Technology

Comets cross the Solar System until they collide or evolve and break up in the main asteroid belt.

Generally speaking, scientists believe that it goes around and around the solar system until it bumps into something, something big like a planet. Although we have recently noticed that some asteroids and comets end up colliding with each other, when they do, both courses are altered. And sometimes one or both are completely destroyed by the impact.

We observed Comet Levy impacting Jupiter, and are currently observing a comet heading towards the Sun in 2010. We also observed a comet impacting an asteroid, demolishing the asteroid, and in this case the comet seemed to stay quite close to its course. original. . For those who think they can shoot down an asteroid or comet, this poses a pretty big problem.

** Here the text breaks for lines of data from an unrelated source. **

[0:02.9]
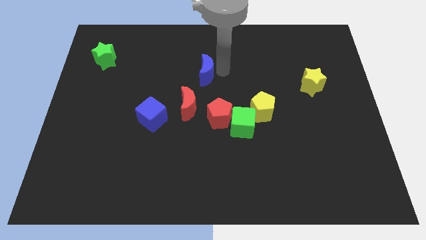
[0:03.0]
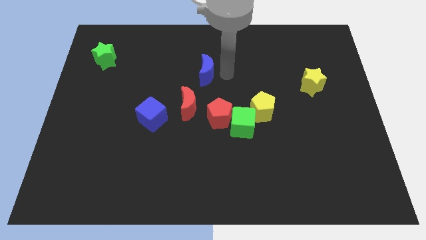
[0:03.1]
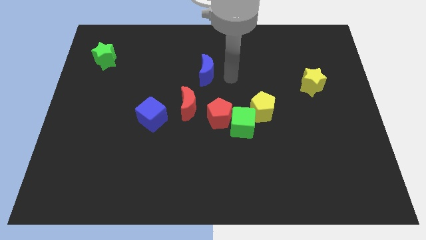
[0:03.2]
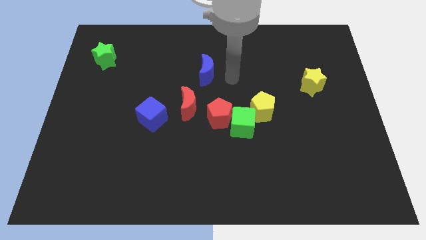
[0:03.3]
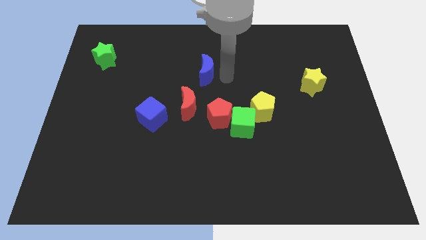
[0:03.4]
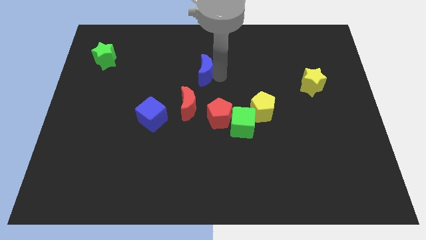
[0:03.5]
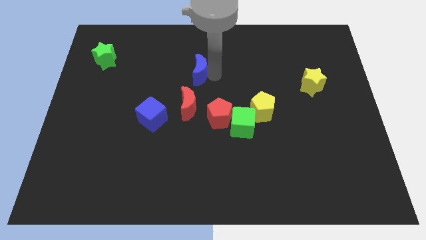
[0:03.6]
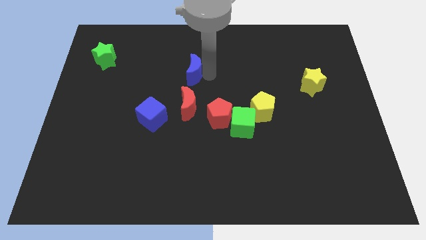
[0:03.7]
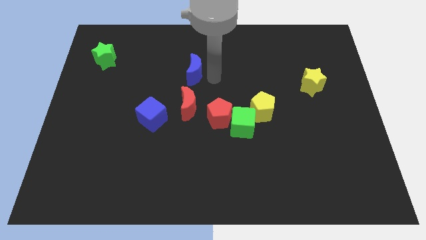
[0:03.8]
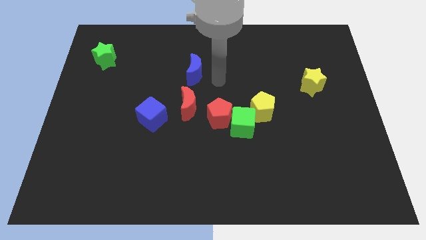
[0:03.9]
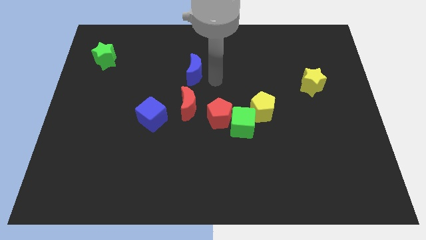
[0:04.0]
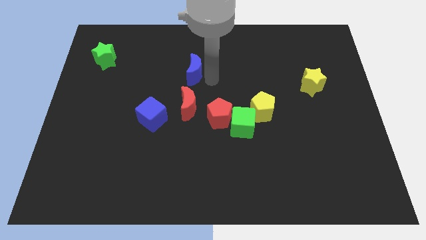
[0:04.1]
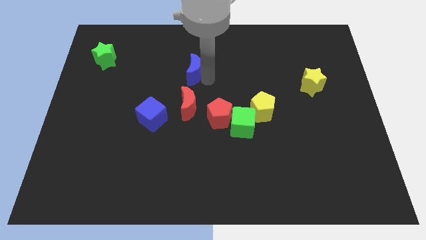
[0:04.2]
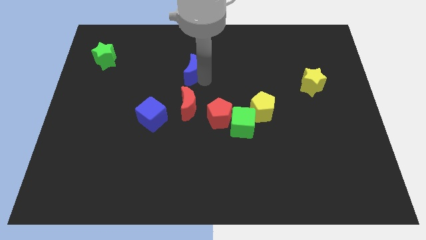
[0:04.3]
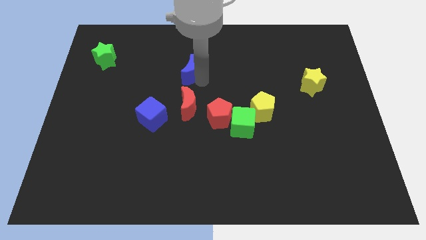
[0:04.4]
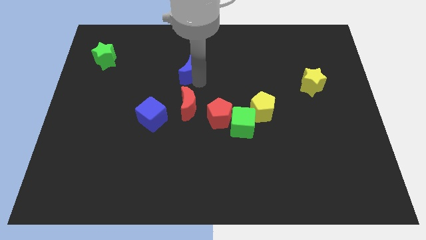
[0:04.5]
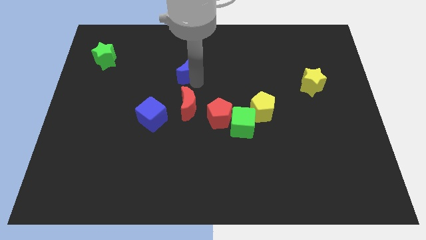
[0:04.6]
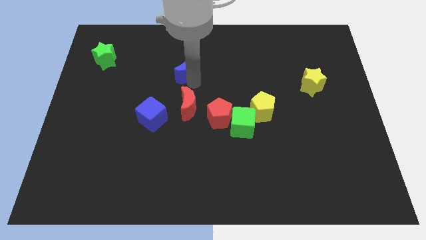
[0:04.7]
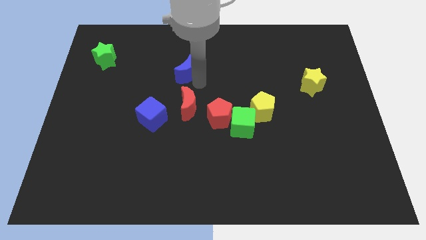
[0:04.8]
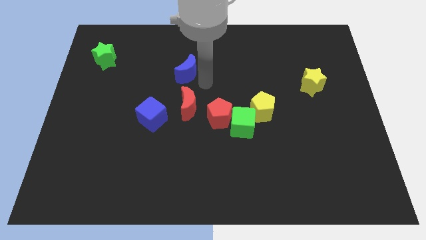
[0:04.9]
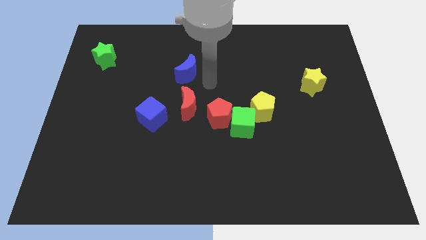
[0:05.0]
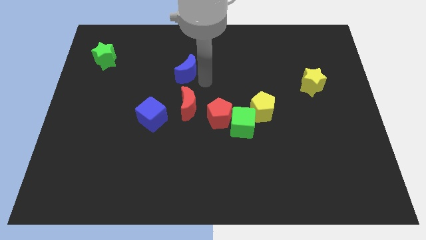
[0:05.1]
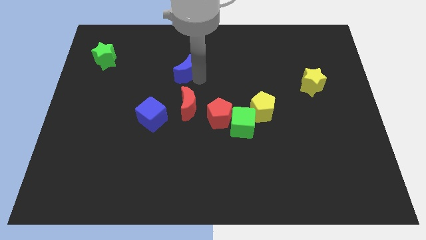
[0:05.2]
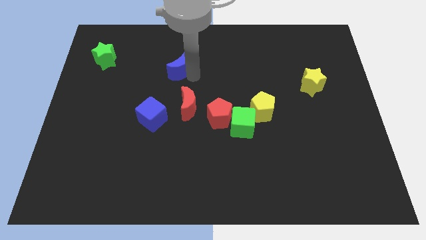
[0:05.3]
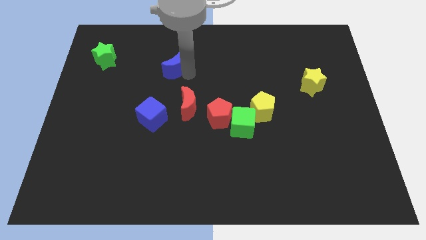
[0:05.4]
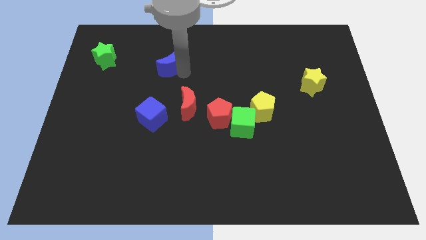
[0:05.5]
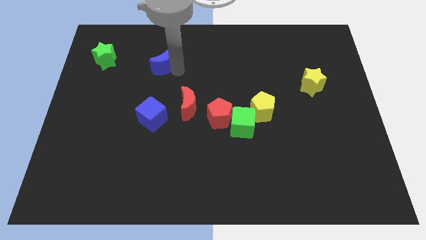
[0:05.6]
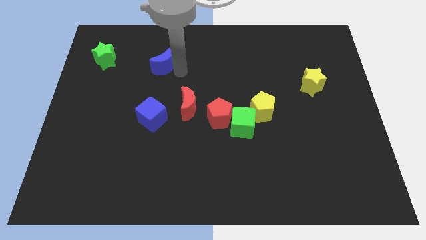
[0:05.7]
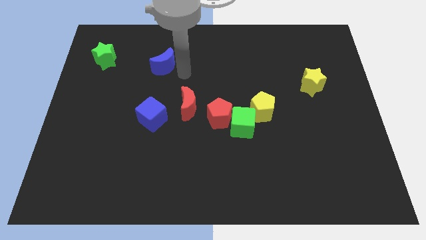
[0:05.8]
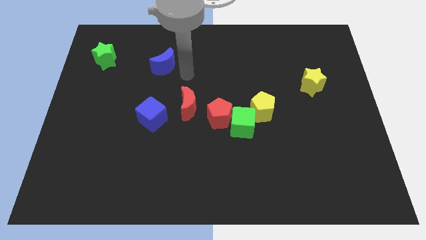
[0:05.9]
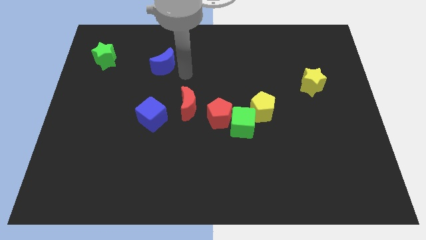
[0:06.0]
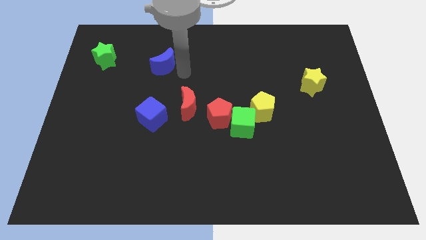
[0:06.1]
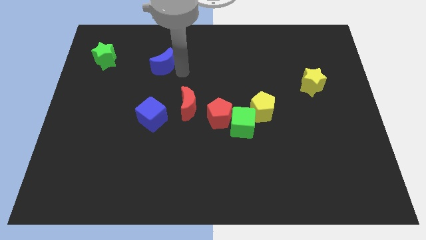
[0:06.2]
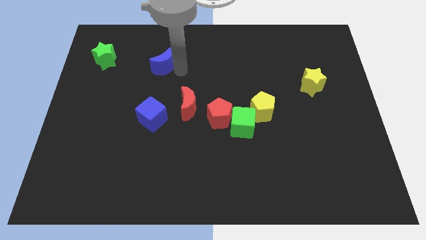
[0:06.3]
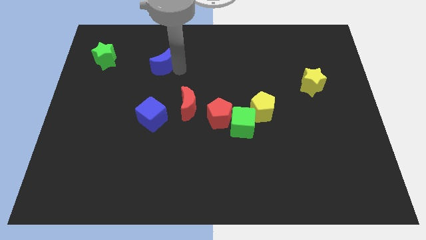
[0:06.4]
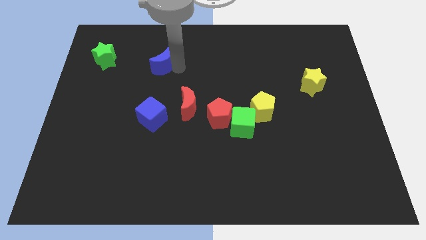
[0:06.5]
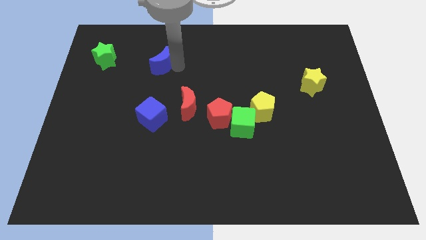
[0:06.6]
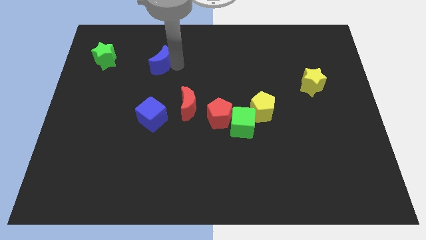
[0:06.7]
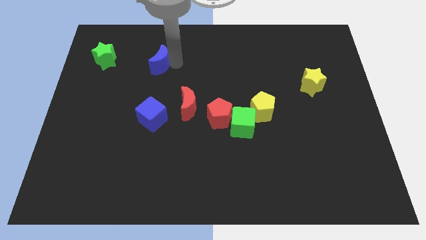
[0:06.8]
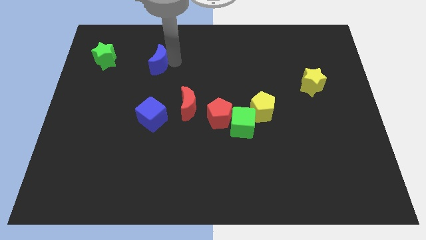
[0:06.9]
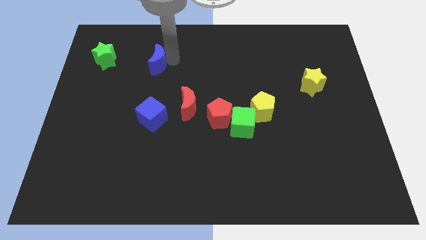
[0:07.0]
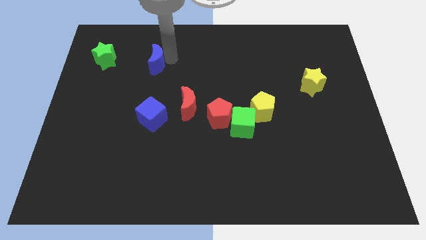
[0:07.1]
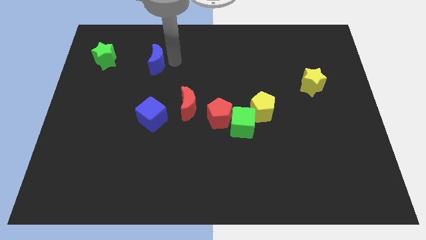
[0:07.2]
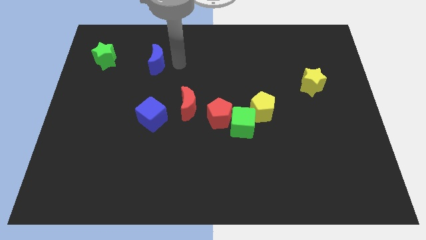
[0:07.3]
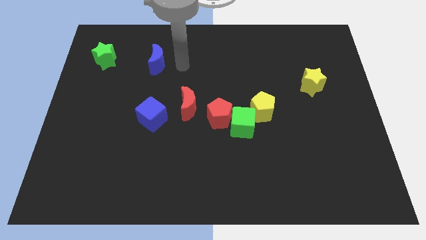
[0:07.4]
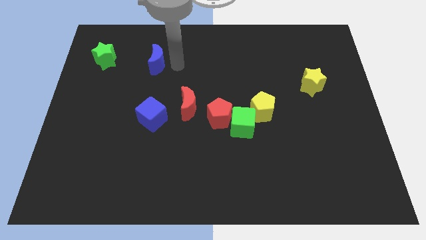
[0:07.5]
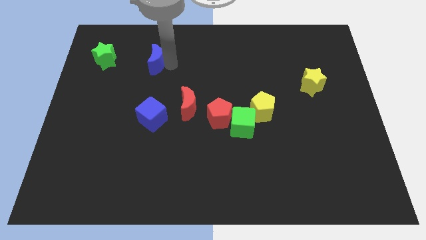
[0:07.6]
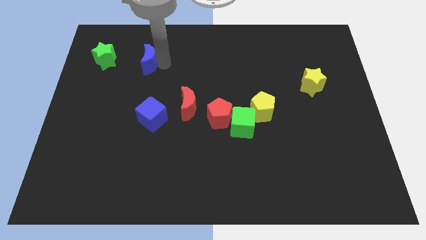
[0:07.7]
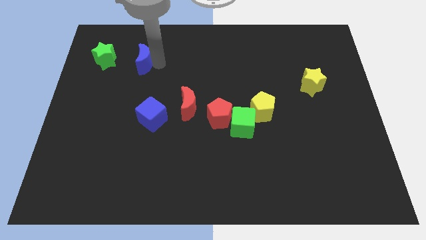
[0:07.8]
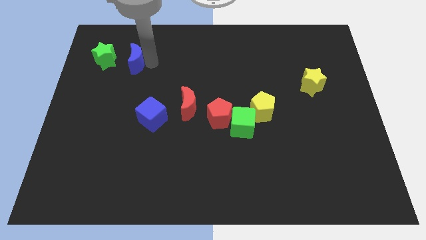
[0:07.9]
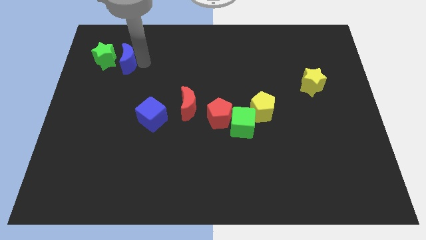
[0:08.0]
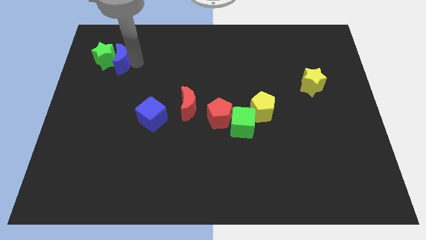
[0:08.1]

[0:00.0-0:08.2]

If a comet and an asteroid can collide at such a speed, and one can keep going, then we might have a problem using kinetic missiles to try to take out a comet.

In fact, there was another great article on SpaceWeather(dot)com titled “Comet Dipped into the Sun” posted on October 20, 2010 that said, “A newly discovered comet is dipping towards the sun. Chinese comet hunter Bo Zhou found it on Oct. 19 in SOHO coronagraph images. The comet is faint now, but should brighten in the next few hours as it warms.”

There is another potential eventuality, and there has been some debate and research paper on this, that is, when a comet decays in its orbit or hits something that slows it down, it could pull out and then re-enter the asteroid belt and ride like a horse. racing. it starts to graze. Of course, as it passes through the asteroid belt, it could collide with an asteroid and send it into a new Earth-crossing orbit.

Comets are very interesting things to study, as are asteroids, and while NASA is planning a manned mission to an asteroid, you might want to do some more personal research on this topic. So please consider all this.

References:

1. “Comets: Creators and Destroyers” by David H. Levy, Touchstone Publishers, a division of Simon and Schuster, New York, NY, (1998), pp. 256, ISBN: 978-0684852553.
2. “The Threat of Comets and Asteroids” by Gerrit L. Verschuur, Oxford Press, New York, NY, (1996), pp. 237, ISBN: 0-19-510105-7.
3. “Red Doomsday Comets and Asteroids – the Million Megaton Threat Thing Life on Earth,” by Duncan Steele (foreword by Arthur C. Clarke), John Wiley and Sons, New York, NY, (1995), pp. 308, ISBN: 0-471-30824-2.
4. Research paper: “Asteroid Comet Evolution” by PR Weissman, WF Bottke Jr., HF Levinson, published in Asteroids III pp. 669-686, 2002.
5. ASD News Online – October 20, 2010 article titled; “When a comet is not a comet – Rosetta finds out – Two asteroids in the wrong place at the wrong time” (source; ESA).